Of recent Presidents Mr. Taft failed so completely to understand his people and express its will that after four years in office he could command the support of only two states when seeking re-election. Mr. Wilson after four years had so far failed that only the incredible stupidity of his opponents enabled him to succeed himself; and again so far, that his second term ended in a tragedy. The floundering of Mr. Harding is apparent to every eye.

Only under two Presidents has the theory of executive domination of the Government succeeded, and not completely under them. Congress rose against Mr. Roosevelt in the last year or two of his administration. Congress was not of Mr. Wilson's party, and was thus out of his control in the last two years of his administration. Mr. Taft lacked the will to rule. Mr. Harding is feebler than Mr. Taft, and party authority, one of the pillars of executive power and responsibility, is now completely broken down. A system which is successful only half the time cannot be called workable.

Let us examine the circumstances under which the Executive was able to prevail over Congress and effect a limited sort of one man government. They are not likely soon to repeat themselves.

Mr. Roosevelt was an extraordinary personality. Only Andrew Jackson, among our Presidents, was as picturesque as he, only Andrew Jackson had a popular following comparable to his.

Both of them represented strong democratic movements,—Jackson the extrusion of the landed aristocracy, in favor of the masses, from their preferred position in our political life; Mr. Roosevelt, the similar extrusion of the business aristocracy, in favor of the masses from the preferred position they had gained in our political life. Like agitations of the political depths, finding expression in personalities as unusual as those of Jackson and Roosevelt, will give us from time to time executives who may carry everything before them; but only emergencies like this and one other will make the President supreme.

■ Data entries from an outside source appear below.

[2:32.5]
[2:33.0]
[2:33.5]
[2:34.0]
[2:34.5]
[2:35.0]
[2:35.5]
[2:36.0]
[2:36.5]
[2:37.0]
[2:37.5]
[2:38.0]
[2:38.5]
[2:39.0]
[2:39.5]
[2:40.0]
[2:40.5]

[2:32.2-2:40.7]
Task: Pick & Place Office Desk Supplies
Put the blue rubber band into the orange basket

And even then it is easy to overstate the power of the Executive as it was exercised by Mr. Roosevelt. The Colonel lived by picturesque exaggeration. If he went to South America it was to discover a river and find animals that the eye of man never rested on before or since. He read more books than it was humanly possible to read and not become a pallid bookworm. He pursued more interests than mere man can have. He exercised daily as only a pugilist exercises briefly when in training.

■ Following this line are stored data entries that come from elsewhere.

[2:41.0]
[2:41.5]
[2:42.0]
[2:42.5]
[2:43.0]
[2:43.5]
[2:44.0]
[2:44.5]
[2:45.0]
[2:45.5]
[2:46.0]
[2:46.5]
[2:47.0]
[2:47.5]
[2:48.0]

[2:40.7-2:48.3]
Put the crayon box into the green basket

He had the gusto of the greatest amateur of all time and enjoyed the immunity which is always granted to amateurs, that of never being measured by professional standards. When you might have been noting a weakness in one direction he was diverting you by an enormous exhibition of versatility in another. He had the capacity of seeming, and the semblance was never penetrated. He seemed to bestride Washington like a Colossus. Actually his rule was one long compromise with Aldrich and Cannon, the business leaders of Congress, which he represented as a glorious triumph over them.

One man government was developed much further under Mr. Wilson than under Mr. Roosevelt, Mr. Harding's predecessor entered office as the expression of that movement toward a government based on numbers rather than on wealth, which the Colonel had so imperfectly effected. There had been a reaction under Taft; there was a new determination under Wilson, and a new concentration on the executive.

Poor, bookish, without the friendships in the business world which Mr. Roosevelt had had, having few contacts with life, Mr. Wilson embraced the idea of putting business in its place passionately, where Mr. Roosevelt played with it as he played with everything else.

Mr. Wilson was by temperament an autocrat. An illustration of how personal was his government was his treatment of his enemies. His bitterness against Huntington Wilson, the Republican Ambassador to Mexico, is well known. A year or two after the dispute was over, Huntington Wilson's son came up for examination to enter the Consular service. He passed at the top of the list. President Wilson heard of his success and directed that he should receive no appointment. He carried his enmity to the second generation. The law which would have given young Mr. Wilson a place meant nothing under his personal government.